The items range from soybean to auto-components, electronics to vegetable oil, leather goods to textile products. 

New  Delhi also plans to tighten its rules of origin to boost domestic production, senior commerce ministry officials said. They said many Chinese products are being rerouted from other countries taking advantage of India’s trade agreements with them. 

This has resulted in the country’s market being flooded with counterfeit goods or cheaper-quality versions of well known brands in segments such as footwear, clothing, leather, watches and electrical equipment such as chargers.

An inter-ministerial committee has said “stringent checking” of identified HS codes items such as footwear, apparel, leather products, clocks and watches, electrical machinery and equipment could limit the import of counterfeit products and potentially save $15 billion.

It also found that between 20 per cent and 30 per cent of products imported into India come under the ‘‘other’’ category, accounting for around $130 billion of imports, and this is primarily done to avoid duties and taxes.

The committee also found a sharp surge in their imports from Singapore and Hong Kong after India imposed an anti-dumping duty on the import of the items from China.

“We have found re-routing of products originating mostly from China through countries with which we have FTAs to take advantage of lower duties. These include electronics, leather products and textiles,” officials said. In September, the government had notified customs rules which allow officials to demand proof of significant value addition for goods imported under preferential duty agreements.

The committee pointed that there has been a massive surge in soybean oil imports from Nepal and Bangladesh after the  South Asia Free Trade Area agreement or SAFTA. 

There was a 23,500 per cent increase in soybean oil imports since 2016-17 despite the fact both countries have limited production of soybean, and limited capacity to crush it.

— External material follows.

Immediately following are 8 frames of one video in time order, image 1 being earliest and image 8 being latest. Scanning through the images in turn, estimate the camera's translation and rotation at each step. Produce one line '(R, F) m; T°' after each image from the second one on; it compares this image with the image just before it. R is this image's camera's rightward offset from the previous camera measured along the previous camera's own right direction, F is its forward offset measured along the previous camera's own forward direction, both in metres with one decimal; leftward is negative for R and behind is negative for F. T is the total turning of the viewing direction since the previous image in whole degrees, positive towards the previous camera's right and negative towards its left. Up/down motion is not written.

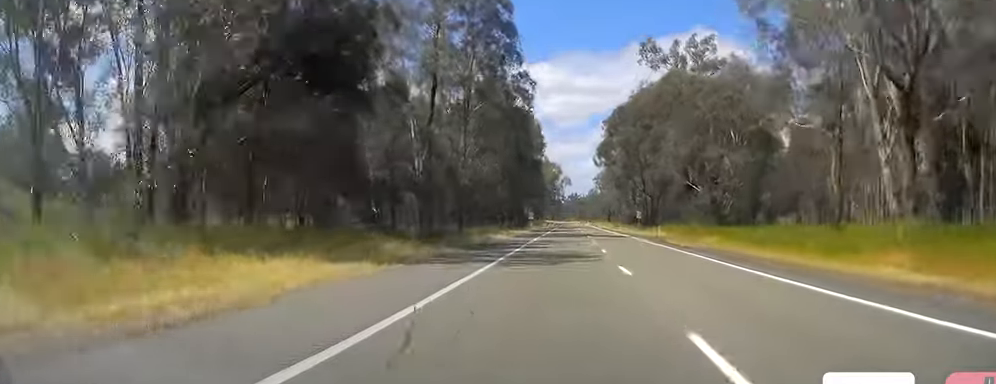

“Soybean from China was in this case being routed through Nepal or Bangladesh by flouting WTO rules of origin for getting duty exemption provided under SAFTA,” it said, stressing the need to review existing preferential trade agreements that have placed Indian manufacturers at a disadvantage position.

The Department of Revenue has notified the “Customs (Administration of Rules of Origin under Trade Agreements) Rules, 2020“ which came into force in September. These rules “shall apply to import of goods into India where the importer makes a claim of preferential rate of duty in terms of a trade agreement,” it said.

The “rules of origin“ provision prescribes for the minimal processing that should happen in the FTA country so that the final manufactured product may be called originating goods in that country.

Under this provision, a country that has inked FTA with India cannot dump goods from some third country in the Indian market by just putting a label on it. It has to undertake a prescribed value addition in that product to export to India. Rules of origin norms help to contain dumping of goods.

India has inked FTAs with several countries, including Japan, South Korea, Singapore, and ASEAN members.

“Despite complaints from importers of red tape, we still find a considerable re-routing as the spike in electronics imports shows,” said finance ministry officials. The government is considering bringing in self certification under rules of origin to address genuine importer concerns, while enforcing random checks to see that rules are being adhered.

Finance minister Nirmala Sitharaman in her Budget speech had stated that the government would review “rules of origin” requirements, particularly for certain sensitive items,“so as to ensure that FTAs are aligned to the conscious direction of our policy”.

She had also said that it has been observed that imports under FTAs are on the rise and undue claims of FTA benefits have posed threat to the domestic industry and such imports require stringent checks.